Check the following settings:

On the Tools menu, click Options. 
On the Preferences tab, click E-mail Options, and then click Advanced E-mail Options. 
Check the Suggest names while completing To, Cc, and Bcc fields check box. 

Also verify that Automatic Name Checking is also checked.

Hope this helps resolve your issue. Let the forum know if it does.


----------



## kama64 (Apr 23, 2007)

Look for a file with this extension: .nk2

in here: C:\Documents and Settings\user name\Application Data\Microsoft\Outlook.

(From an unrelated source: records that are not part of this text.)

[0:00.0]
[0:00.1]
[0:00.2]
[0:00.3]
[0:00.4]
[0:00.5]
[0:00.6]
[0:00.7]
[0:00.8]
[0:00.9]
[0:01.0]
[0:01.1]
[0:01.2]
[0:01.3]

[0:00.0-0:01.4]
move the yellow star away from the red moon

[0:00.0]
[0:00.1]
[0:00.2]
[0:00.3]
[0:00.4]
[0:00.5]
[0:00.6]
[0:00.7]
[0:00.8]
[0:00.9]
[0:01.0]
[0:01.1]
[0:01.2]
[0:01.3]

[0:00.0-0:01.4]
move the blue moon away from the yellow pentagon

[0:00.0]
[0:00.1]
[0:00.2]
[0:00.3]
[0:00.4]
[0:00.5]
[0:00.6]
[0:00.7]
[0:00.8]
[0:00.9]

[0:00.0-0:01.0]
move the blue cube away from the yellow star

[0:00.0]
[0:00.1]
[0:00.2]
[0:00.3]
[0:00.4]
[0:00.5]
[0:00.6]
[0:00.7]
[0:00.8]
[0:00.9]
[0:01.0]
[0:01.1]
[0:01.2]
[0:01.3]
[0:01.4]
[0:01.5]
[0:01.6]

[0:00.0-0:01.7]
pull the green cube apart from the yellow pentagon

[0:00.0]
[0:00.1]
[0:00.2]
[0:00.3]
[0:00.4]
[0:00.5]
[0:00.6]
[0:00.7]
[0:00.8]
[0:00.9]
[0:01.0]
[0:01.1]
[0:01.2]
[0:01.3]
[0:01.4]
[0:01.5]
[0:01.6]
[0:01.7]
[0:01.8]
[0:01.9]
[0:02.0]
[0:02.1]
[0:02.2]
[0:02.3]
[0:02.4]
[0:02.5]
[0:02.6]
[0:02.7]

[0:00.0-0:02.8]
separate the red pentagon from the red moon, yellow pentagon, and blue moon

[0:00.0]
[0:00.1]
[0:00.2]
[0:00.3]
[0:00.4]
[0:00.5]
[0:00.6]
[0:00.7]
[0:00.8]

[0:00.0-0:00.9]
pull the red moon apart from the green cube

Rename it to whatever you named the new account you created, and close and open outlook

If you cant find the \Application Data\ then:

1. Click Start, and then click My Computer.
2. On the Tools menu, click Folder Options.
3. Click the View tab, and then, under Advanced settings, under Hidden files and folders, click Show hidden files and folders.

If you need help with anything look here: http://office.microsoft.com/en-us/outlook/HA011394511033.aspx


----------